EXTRACTED DATA →
===============
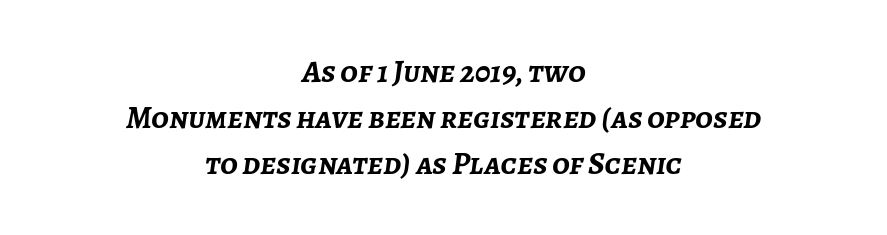
Q: Is the text bold? A: Yes.
Q: Is the text italic (slanted)? A: Yes, it leans right by about 7 degrees.
Q: Is the text underlined? A: No.
Q: How is the paragraph aligned? A: Centered.
Q: Is the spacing between letters normal or unusually wide? A: Normal.
Q: Is the spacing between lines tight, normal or loose? A: Normal.
Q: Width (condensed, normal, or wide)? A: Normal.
Q: Stroke contrast? A: Low.
Q: x-height? A: Medium.
Q: Monospaced? A: No.
===============
DIRECTIONS →
Please return the full listing exactly as given, with the images left out.

RESPONSE FOR THIS EXERCISE →
Q: Is the text bold? A: Yes.
Q: Is the text italic (slanted)? A: Yes, it leans right by about 7 degrees.
Q: Is the text underlined? A: No.
Q: How is the paragraph aligned? A: Centered.
Q: Is the spacing between letters normal or unusually wide? A: Normal.
Q: Is the spacing between lines tight, normal or loose? A: Normal.
Q: Width (condensed, normal, or wide)? A: Normal.
Q: Stroke contrast? A: Low.
Q: x-height? A: Medium.
Q: Monospaced? A: No.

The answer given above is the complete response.